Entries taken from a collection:
☆ ☆ ☆
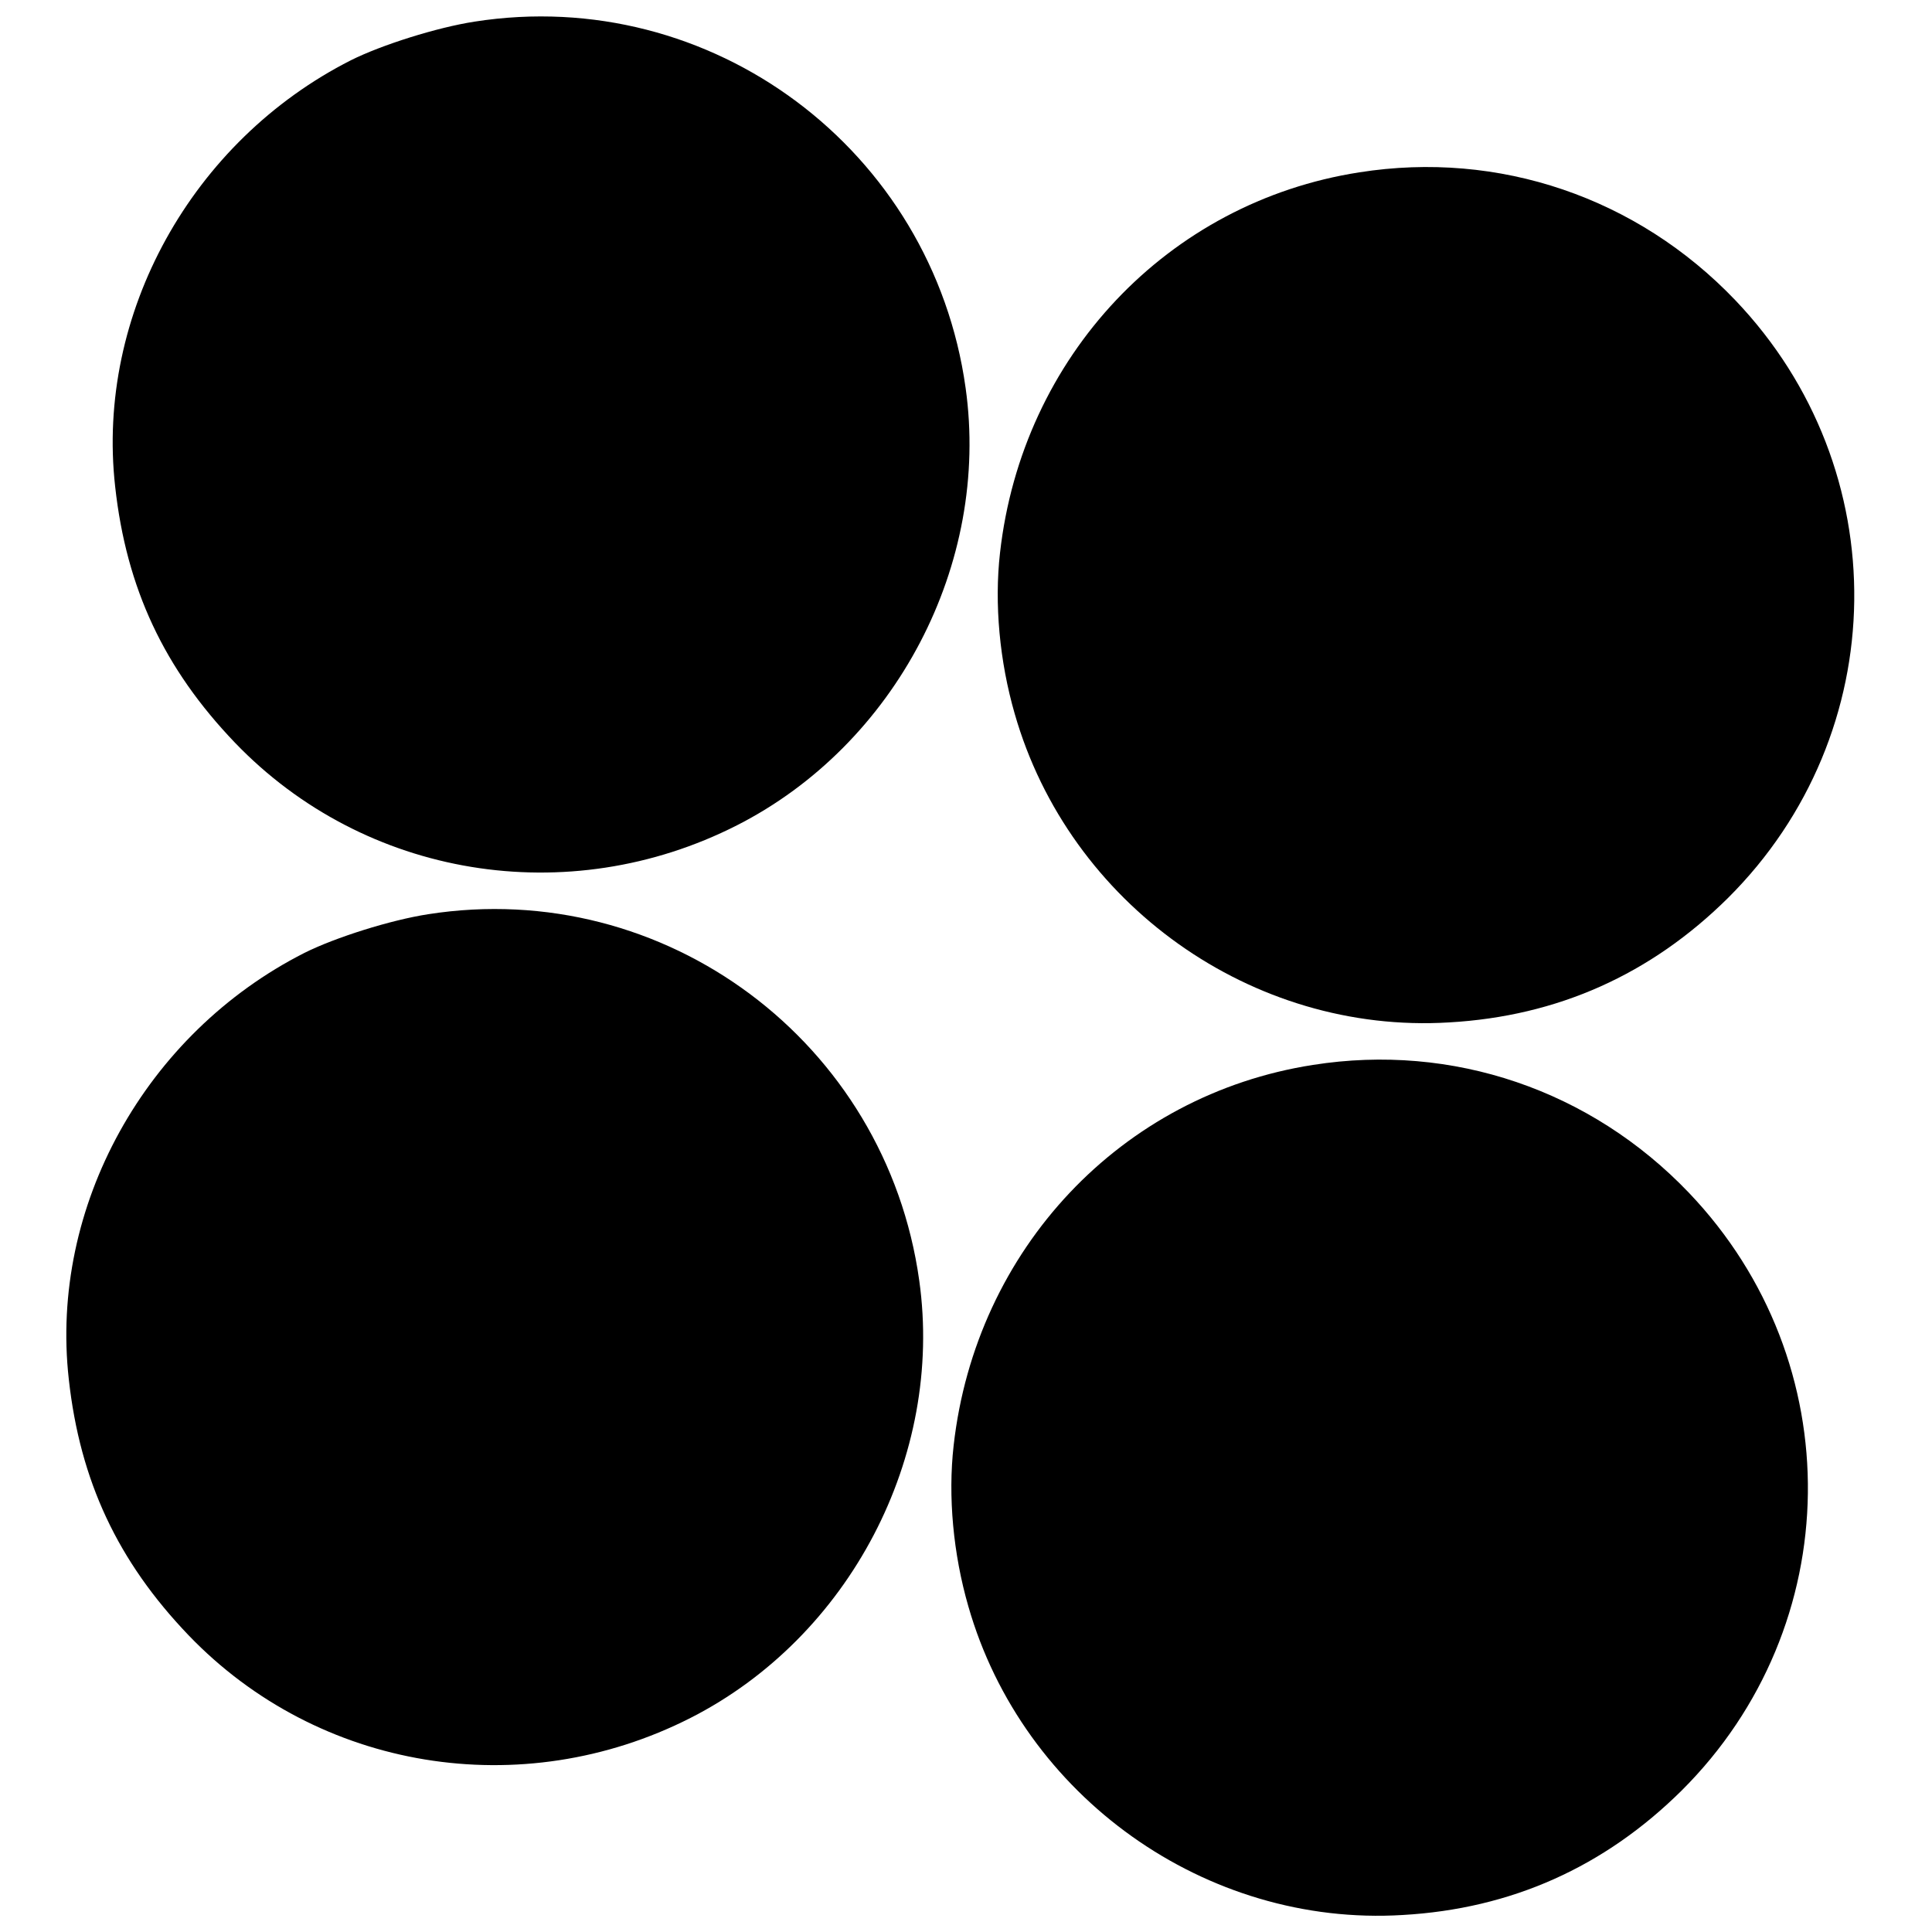 <?xml version="1.0" standalone="no"?>
<!DOCTYPE svg PUBLIC "-//W3C//DTD SVG 20010904//EN"
 "http://www.w3.org/TR/2001/REC-SVG-20010904/DTD/svg10.dtd">
<svg version="1.0" xmlns="http://www.w3.org/2000/svg"
 width="500pt" height="500pt" viewBox="0 0 500 500"
 preserveAspectRatio="xMidYMid meet">
<g transform="translate(0,500) scale(0.1,-0.1)"
fill="#000000" stroke="none">
<path d="M1228 4944 c-97 -15 -240 -60 -320 -100 -412 -209 -660 -657 -610
-1103 29 -264 127 -472 310 -663 336 -350 862 -436 1299 -214 411 209 656 676
592 1132 -86 617 -658 1044 -1271 948z"/>
<path d="M3518 4554 c-496 -77 -873 -477 -930 -985 -15 -132 -1 -281 38 -416
141 -493 615 -830 1124 -799 281 16 522 124 722 322 428 426 437 1109 19 1547
-254 266 -612 388 -973 331z"/>
<path d="M1108 2634 c-97 -15 -240 -60 -320 -100 -412 -209 -660 -657 -610
-1103 29 -264 127 -472 310 -663 336 -350 862 -436 1299 -214 411 209 656 676
592 1132 -86 617 -658 1044 -1271 948z"/>
<path d="M3398 2244 c-496 -77 -873 -477 -930 -985 -15 -132 -1 -281 38 -416
141 -493 615 -830 1124 -799 281 16 522 124 722 322 428 426 437 1109 19 1547
-254 266 -612 388 -973 331z"/>
</g>
</svg>

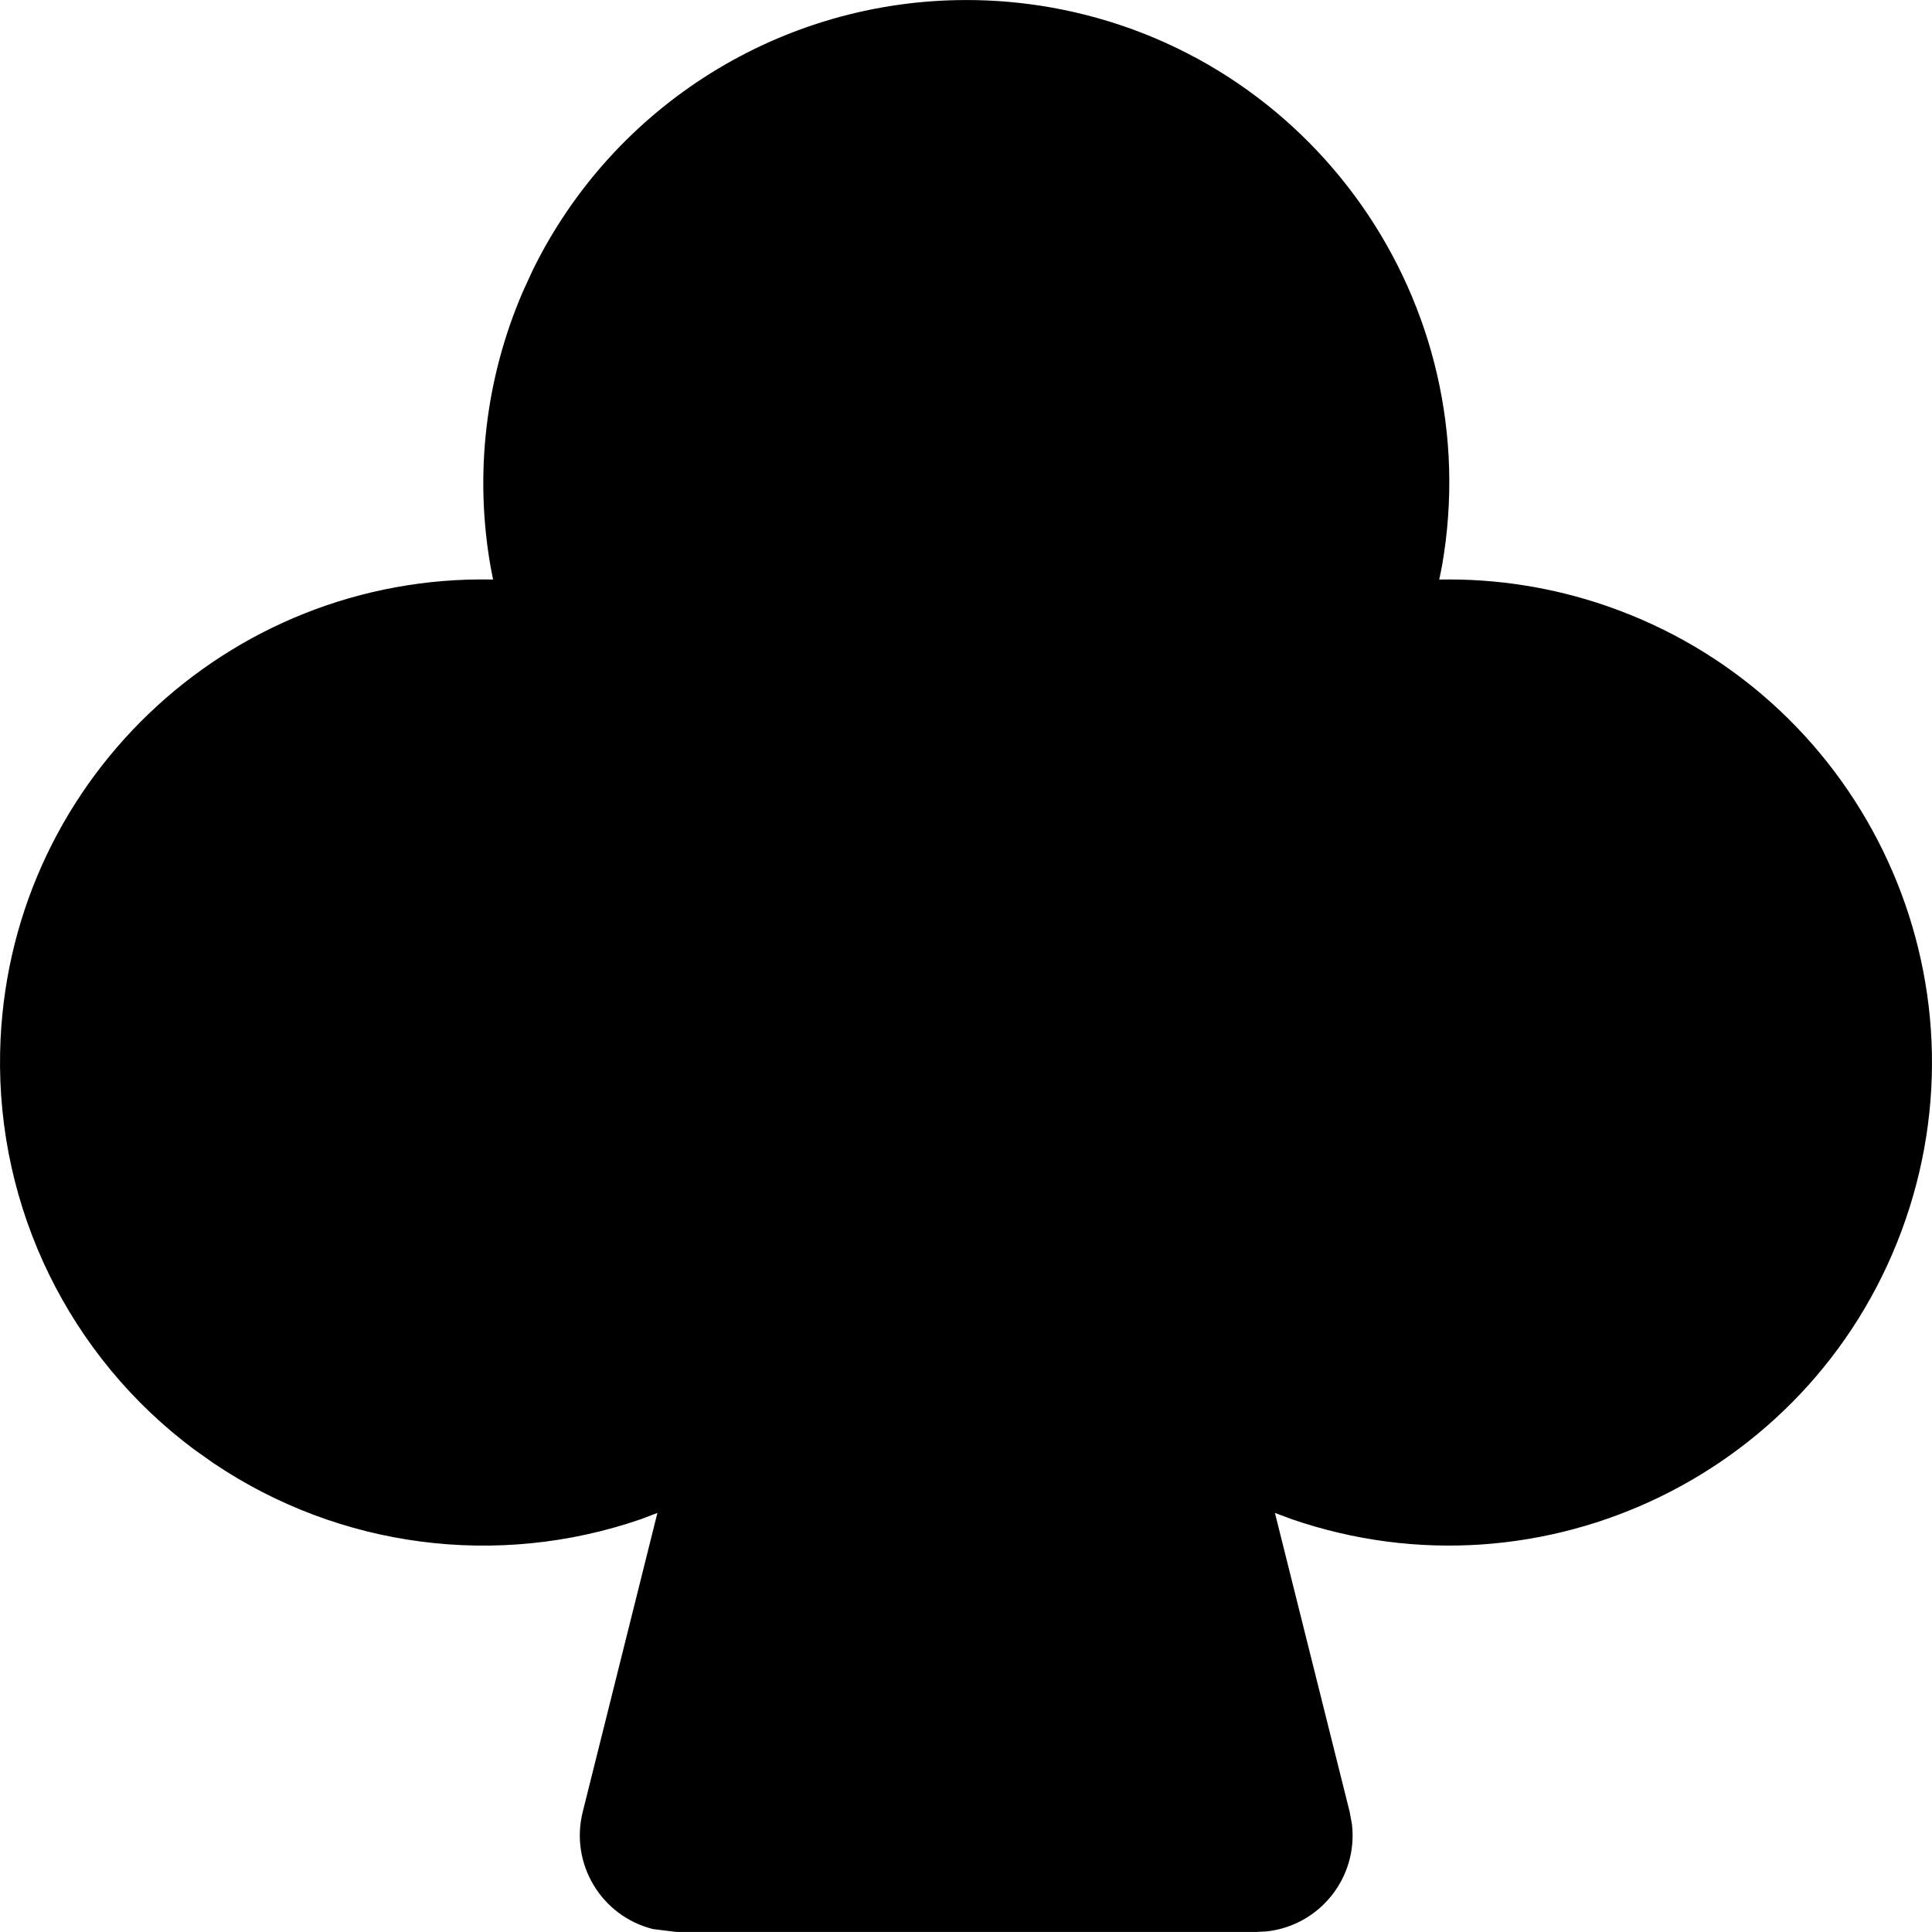 <?xml version="1.0" encoding="utf-8"?>
<!-- Generator: Adobe Illustrator 27.7.0, SVG Export Plug-In . SVG Version: 6.00 Build 0)  -->
<svg version="1.1" id="Layer_1" xmlns="http://www.w3.org/2000/svg" xmlns:xlink="http://www.w3.org/1999/xlink" x="0px" y="0px"
	 viewBox="0 0 512 512" style="enable-background:new 0 0 512 512;" xml:space="preserve">
<g>
	<path d="M256.06,0.01c-48.82,0.01-93.38,27.78-114.89,71.6l-2.64,5.76c-9.85,22.86-12.83,48.1-8.55,72.63l0.69,3.58
		C60,152.1,1.51,208.2,0.03,278.87c-0.86,41.37,18.33,80.61,51.52,105.33l5.07,3.58c33.3,22.43,75.19,27.92,113.15,14.85l4.45-1.69
		l-19.79,79.23c-3.44,13.71,4.9,27.62,18.61,31.05l6.22,0.77h153.6l2.89-0.15c14.05-1.6,24.14-14.28,22.54-28.33l-0.61-3.34
		l-19.81-79.23l4.45,1.66c66.84,23,139.68-12.55,162.68-79.39c23-66.84-12.55-139.68-79.39-162.68
		c-14.21-4.89-29.17-7.24-44.19-6.94l0.72-3.58c12.2-69.59-34.32-135.89-103.91-148.09C270.91,0.65,263.49,0,256.06,0.01z"/>
</g>
</svg>
☆ ☆ ☆
From the records above, copy every line that includes the word "viewBox".

▶ [Answer for the task]:
 width="500pt" height="500pt" viewBox="0 0 500 500"
	 viewBox="0 0 512 512" style="enable-background:new 0 0 512 512;" xml:space="preserve">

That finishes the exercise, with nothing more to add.